Records supplied —

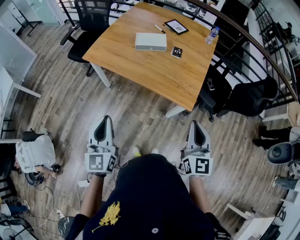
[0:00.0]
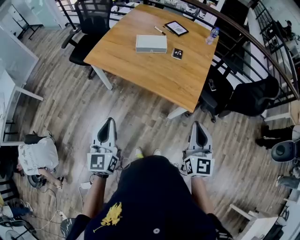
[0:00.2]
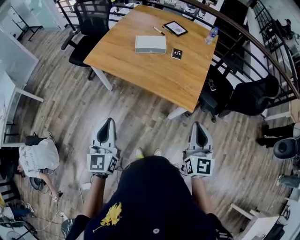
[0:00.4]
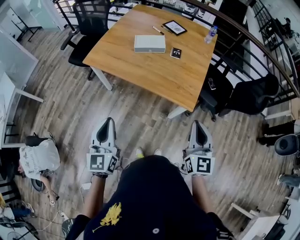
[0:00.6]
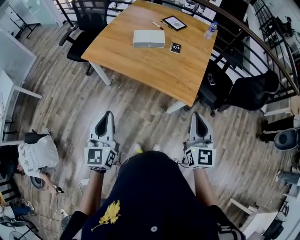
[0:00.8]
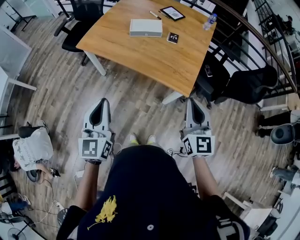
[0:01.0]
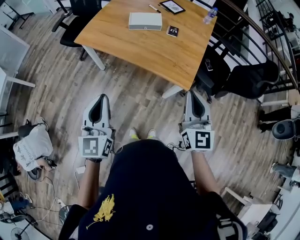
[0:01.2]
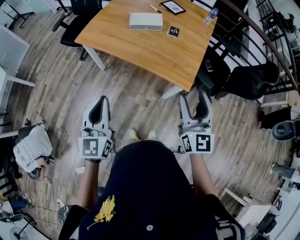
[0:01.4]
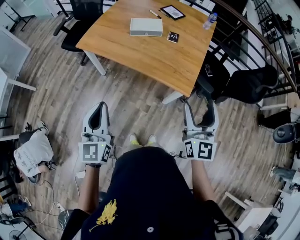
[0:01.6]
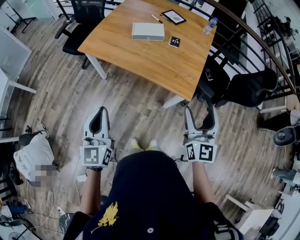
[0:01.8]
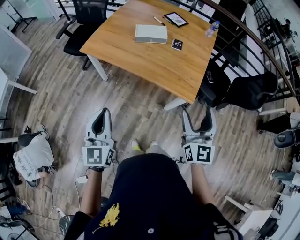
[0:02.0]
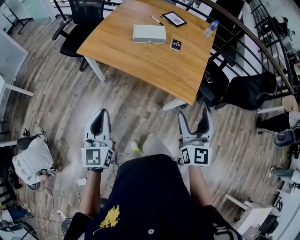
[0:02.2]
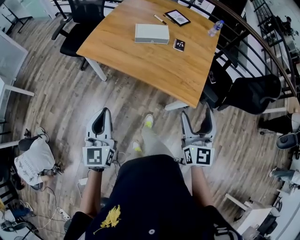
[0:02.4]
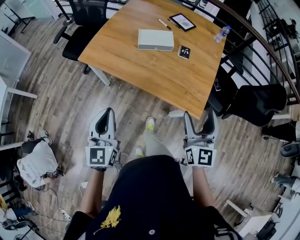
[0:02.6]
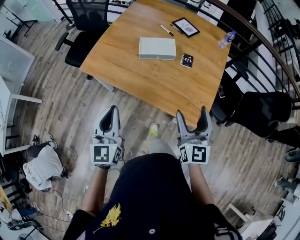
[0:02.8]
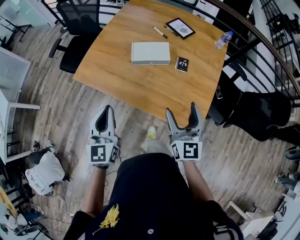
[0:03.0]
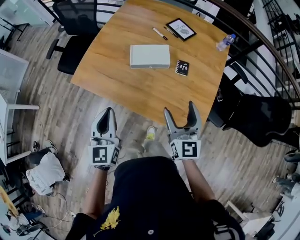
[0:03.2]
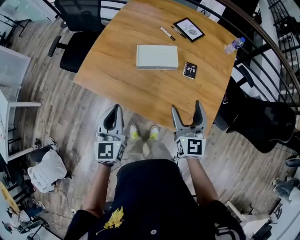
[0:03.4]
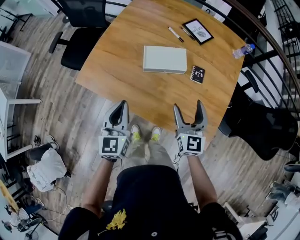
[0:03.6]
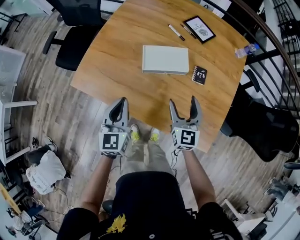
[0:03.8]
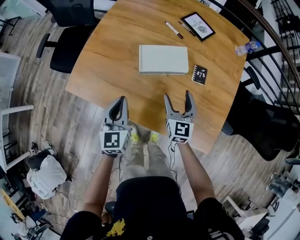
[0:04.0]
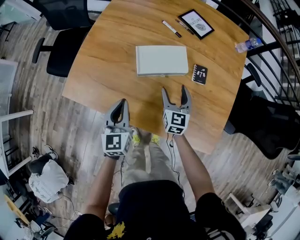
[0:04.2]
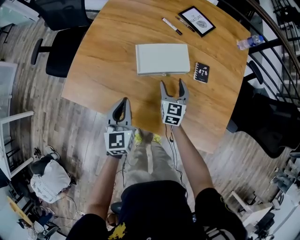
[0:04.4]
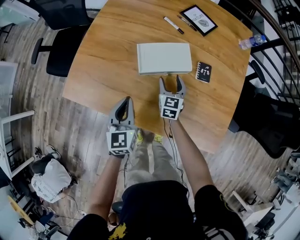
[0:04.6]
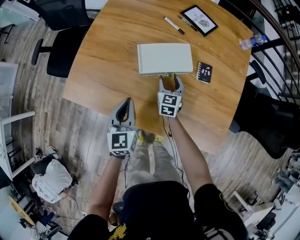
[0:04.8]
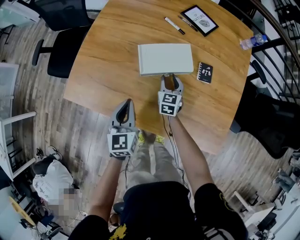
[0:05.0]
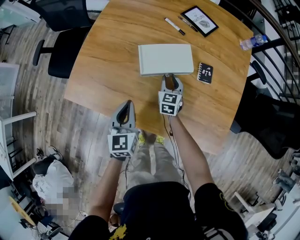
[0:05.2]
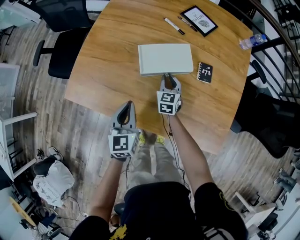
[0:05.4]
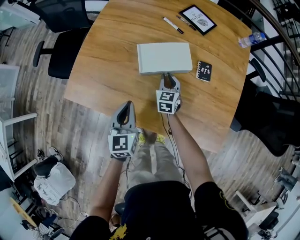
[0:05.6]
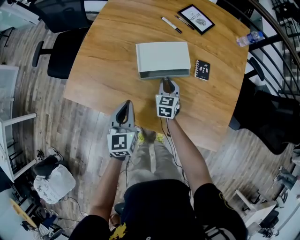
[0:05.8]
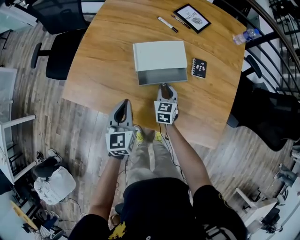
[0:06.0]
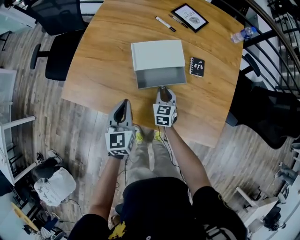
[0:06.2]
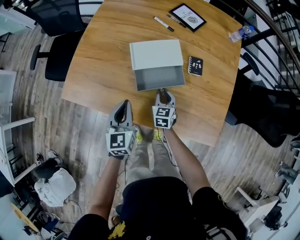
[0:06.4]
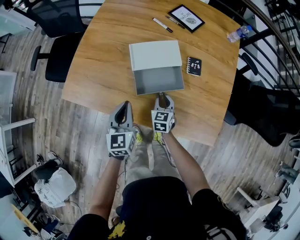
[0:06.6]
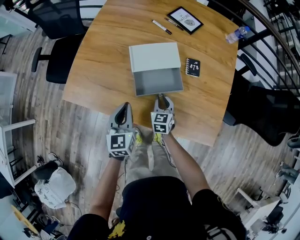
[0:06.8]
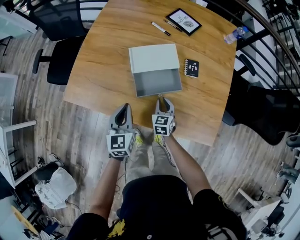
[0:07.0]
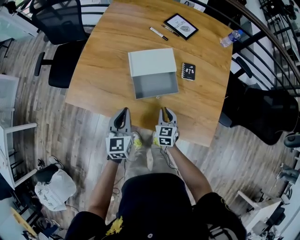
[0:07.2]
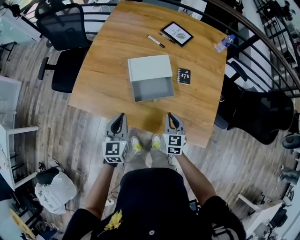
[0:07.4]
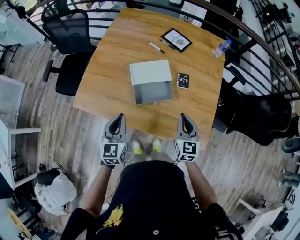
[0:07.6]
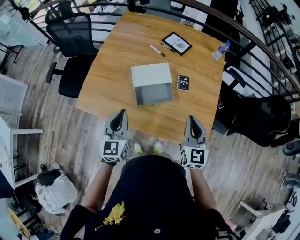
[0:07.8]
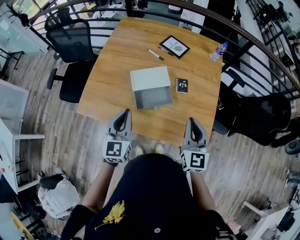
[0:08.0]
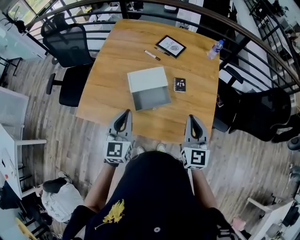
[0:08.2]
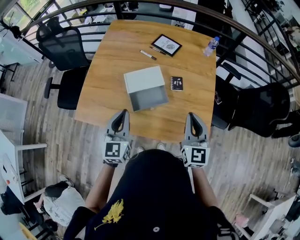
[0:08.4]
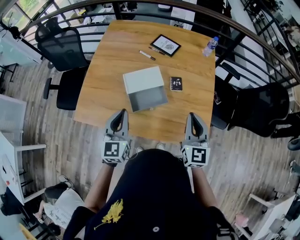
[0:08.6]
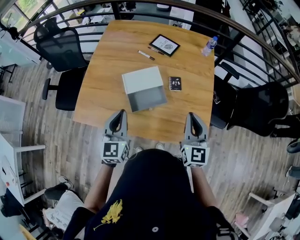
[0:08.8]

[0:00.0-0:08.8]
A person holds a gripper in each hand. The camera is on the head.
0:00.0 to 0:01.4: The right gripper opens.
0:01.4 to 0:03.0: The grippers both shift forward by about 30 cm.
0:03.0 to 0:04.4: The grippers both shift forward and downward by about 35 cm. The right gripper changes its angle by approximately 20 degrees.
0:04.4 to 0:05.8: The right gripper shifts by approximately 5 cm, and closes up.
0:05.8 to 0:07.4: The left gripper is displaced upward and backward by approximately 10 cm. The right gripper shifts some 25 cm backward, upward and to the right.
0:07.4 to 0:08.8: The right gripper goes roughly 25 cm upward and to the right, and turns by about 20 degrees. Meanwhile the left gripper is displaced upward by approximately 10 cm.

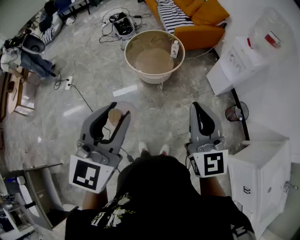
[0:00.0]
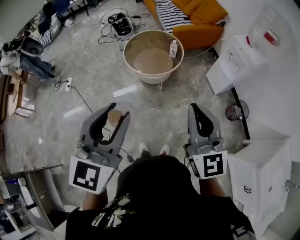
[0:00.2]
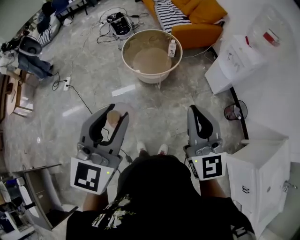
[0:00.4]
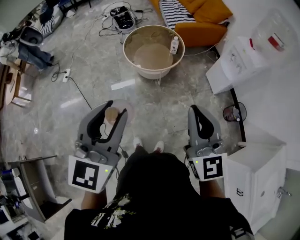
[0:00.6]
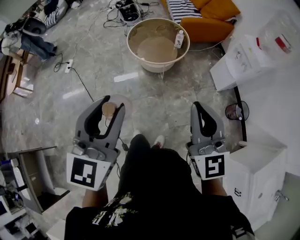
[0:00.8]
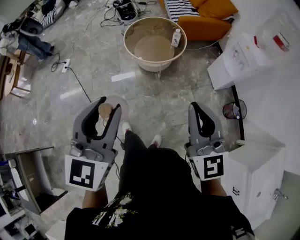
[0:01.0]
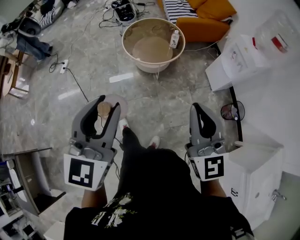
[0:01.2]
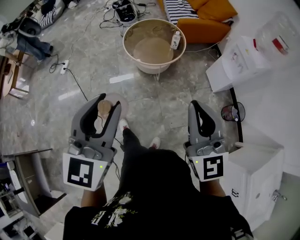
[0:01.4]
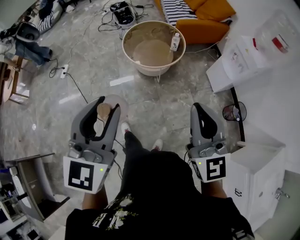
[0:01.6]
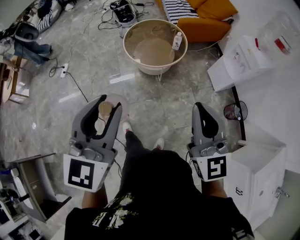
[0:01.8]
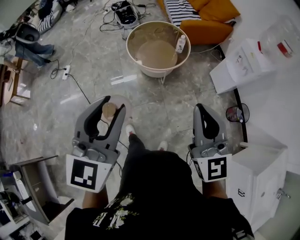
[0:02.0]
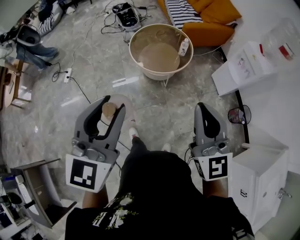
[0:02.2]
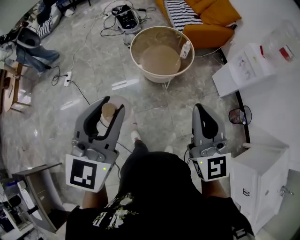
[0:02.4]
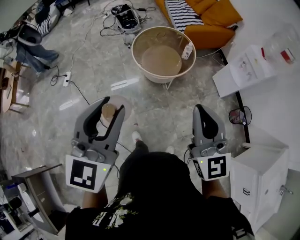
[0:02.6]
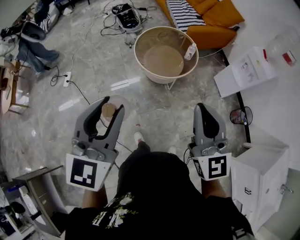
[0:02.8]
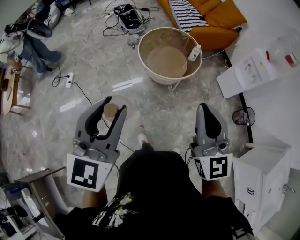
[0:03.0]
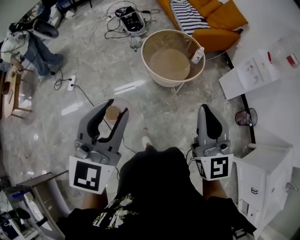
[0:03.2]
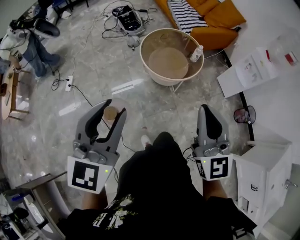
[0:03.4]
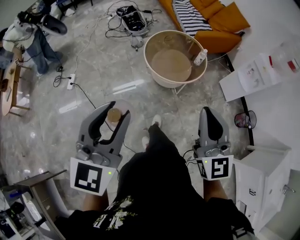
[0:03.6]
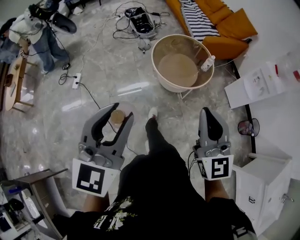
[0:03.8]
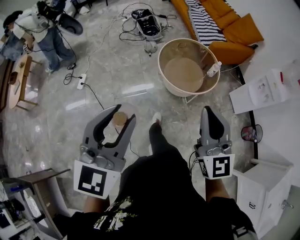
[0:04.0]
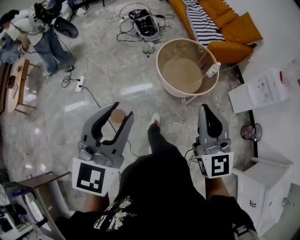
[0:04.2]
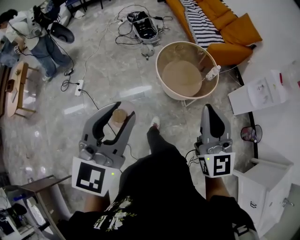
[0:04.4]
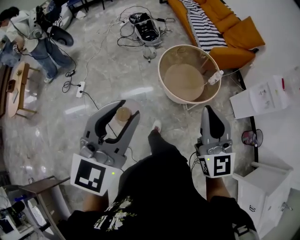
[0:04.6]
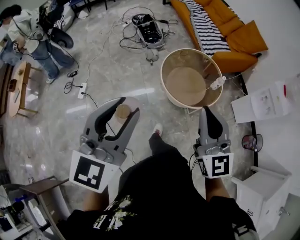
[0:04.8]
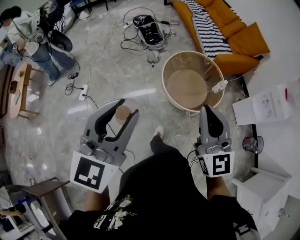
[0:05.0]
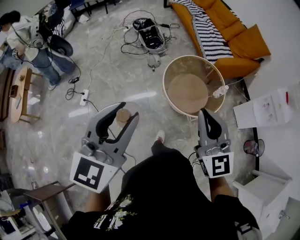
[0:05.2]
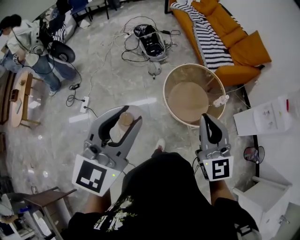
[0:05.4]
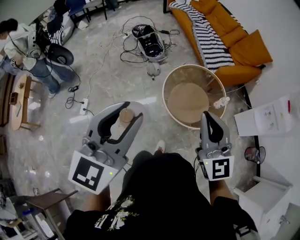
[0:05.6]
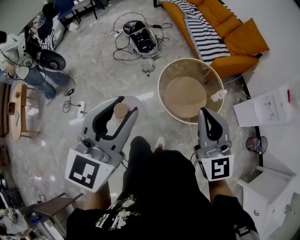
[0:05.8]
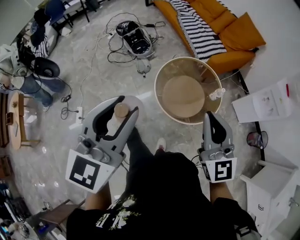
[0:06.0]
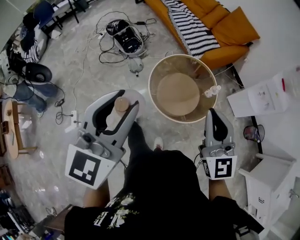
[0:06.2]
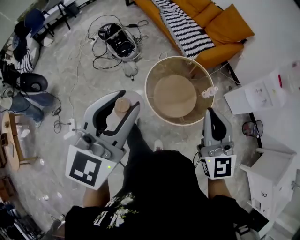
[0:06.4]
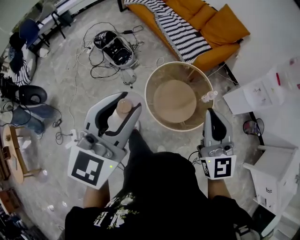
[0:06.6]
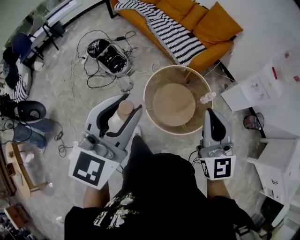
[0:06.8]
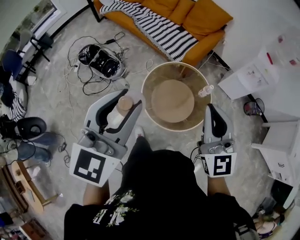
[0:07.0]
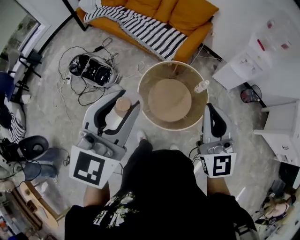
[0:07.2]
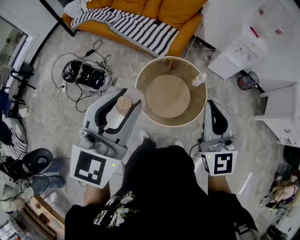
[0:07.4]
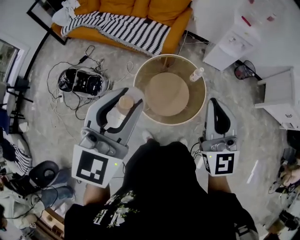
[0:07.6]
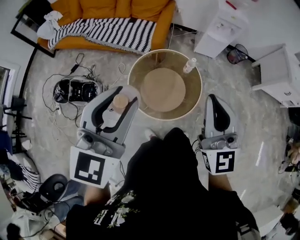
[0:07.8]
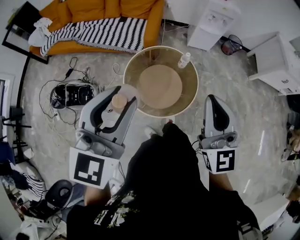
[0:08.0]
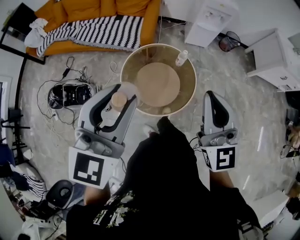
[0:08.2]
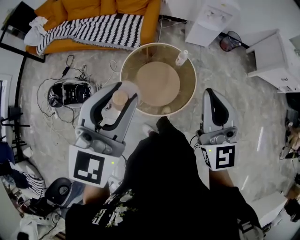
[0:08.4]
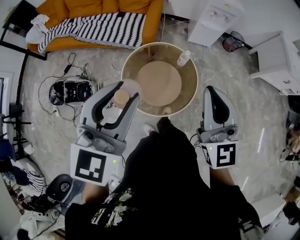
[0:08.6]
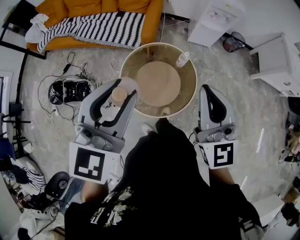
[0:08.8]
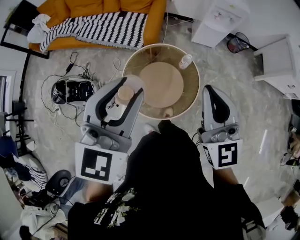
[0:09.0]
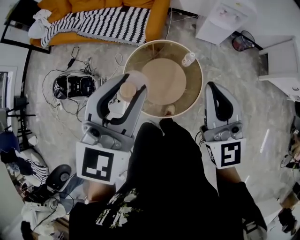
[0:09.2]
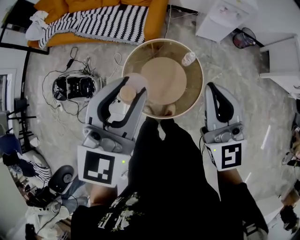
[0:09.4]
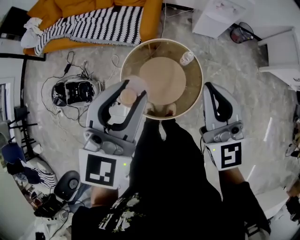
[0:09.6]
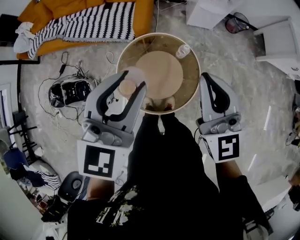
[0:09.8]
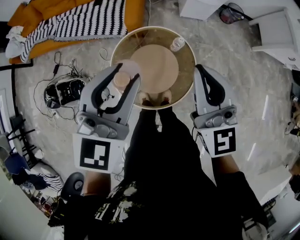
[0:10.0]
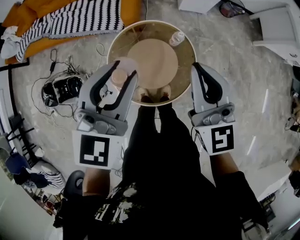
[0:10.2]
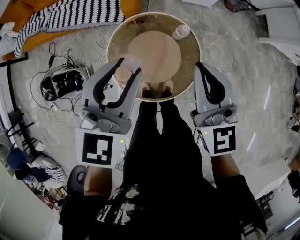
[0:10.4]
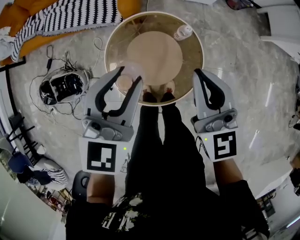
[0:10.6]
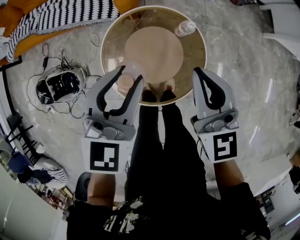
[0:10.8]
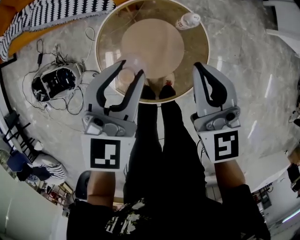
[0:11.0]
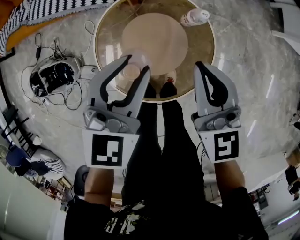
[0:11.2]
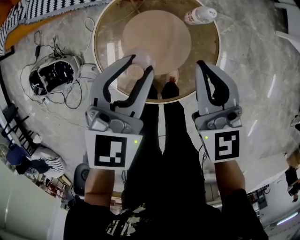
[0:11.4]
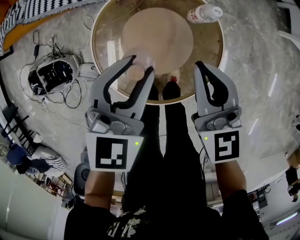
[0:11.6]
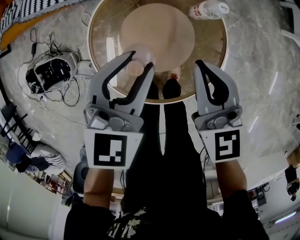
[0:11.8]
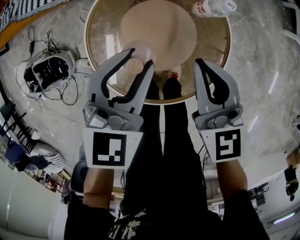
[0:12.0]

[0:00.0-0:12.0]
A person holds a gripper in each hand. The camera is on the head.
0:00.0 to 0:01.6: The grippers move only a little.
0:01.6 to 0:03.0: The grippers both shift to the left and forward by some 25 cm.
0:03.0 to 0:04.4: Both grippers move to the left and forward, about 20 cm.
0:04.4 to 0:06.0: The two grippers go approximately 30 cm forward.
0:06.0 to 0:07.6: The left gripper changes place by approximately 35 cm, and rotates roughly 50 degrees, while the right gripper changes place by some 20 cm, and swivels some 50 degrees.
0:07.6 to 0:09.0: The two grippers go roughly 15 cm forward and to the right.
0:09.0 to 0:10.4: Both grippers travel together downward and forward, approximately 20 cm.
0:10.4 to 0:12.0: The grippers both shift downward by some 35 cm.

Brief —
Transcribe the lines above exactly, setting aside any picture among them.

Task result —
[0:00.0]
[0:00.2]
[0:00.4]
[0:00.6]
[0:00.8]
[0:01.0]
[0:01.2]
[0:01.4]
[0:01.6]
[0:01.8]
[0:02.0]
[0:02.2]
[0:02.4]
[0:02.6]
[0:02.8]
[0:03.0]
[0:03.2]
[0:03.4]
[0:03.6]
[0:03.8]
[0:04.0]
[0:04.2]
[0:04.4]
[0:04.6]
[0:04.8]
[0:05.0]
[0:05.2]
[0:05.4]
[0:05.6]
[0:05.8]
[0:06.0]
[0:06.2]
[0:06.4]
[0:06.6]
[0:06.8]
[0:07.0]
[0:07.2]
[0:07.4]
[0:07.6]
[0:07.8]
[0:08.0]
[0:08.2]
[0:08.4]
[0:08.6]
[0:08.8]

[0:00.0-0:08.8]
A person holds a gripper in each hand. The camera is on the head.
0:00.0 to 0:01.4: The right gripper opens.
0:01.4 to 0:03.0: The grippers both shift forward by about 30 cm.
0:03.0 to 0:04.4: The grippers both shift forward and downward by about 35 cm. The right gripper changes its angle by approximately 20 degrees.
0:04.4 to 0:05.8: The right gripper shifts by approximately 5 cm, and closes up.
0:05.8 to 0:07.4: The left gripper is displaced upward and backward by approximately 10 cm. The right gripper shifts some 25 cm backward, upward and to the right.
0:07.4 to 0:08.8: The right gripper goes roughly 25 cm upward and to the right, and turns by about 20 degrees. Meanwhile the left gripper is displaced upward by approximately 10 cm.

[0:00.0]
[0:00.2]
[0:00.4]
[0:00.6]
[0:00.8]
[0:01.0]
[0:01.2]
[0:01.4]
[0:01.6]
[0:01.8]
[0:02.0]
[0:02.2]
[0:02.4]
[0:02.6]
[0:02.8]
[0:03.0]
[0:03.2]
[0:03.4]
[0:03.6]
[0:03.8]
[0:04.0]
[0:04.2]
[0:04.4]
[0:04.6]
[0:04.8]
[0:05.0]
[0:05.2]
[0:05.4]
[0:05.6]
[0:05.8]
[0:06.0]
[0:06.2]
[0:06.4]
[0:06.6]
[0:06.8]
[0:07.0]
[0:07.2]
[0:07.4]
[0:07.6]
[0:07.8]
[0:08.0]
[0:08.2]
[0:08.4]
[0:08.6]
[0:08.8]
[0:09.0]
[0:09.2]
[0:09.4]
[0:09.6]
[0:09.8]
[0:10.0]
[0:10.2]
[0:10.4]
[0:10.6]
[0:10.8]
[0:11.0]
[0:11.2]
[0:11.4]
[0:11.6]
[0:11.8]
[0:12.0]

[0:00.0-0:12.0]
A person holds a gripper in each hand. The camera is on the head.
0:00.0 to 0:01.6: The grippers move only a little.
0:01.6 to 0:03.0: The grippers both shift to the left and forward by some 25 cm.
0:03.0 to 0:04.4: Both grippers move to the left and forward, about 20 cm.
0:04.4 to 0:06.0: The two grippers go approximately 30 cm forward.
0:06.0 to 0:07.6: The left gripper changes place by approximately 35 cm, and rotates roughly 50 degrees, while the right gripper changes place by some 20 cm, and swivels some 50 degrees.
0:07.6 to 0:09.0: The two grippers go roughly 15 cm forward and to the right.
0:09.0 to 0:10.4: Both grippers travel together downward and forward, approximately 20 cm.
0:10.4 to 0:12.0: The grippers both shift downward by some 35 cm.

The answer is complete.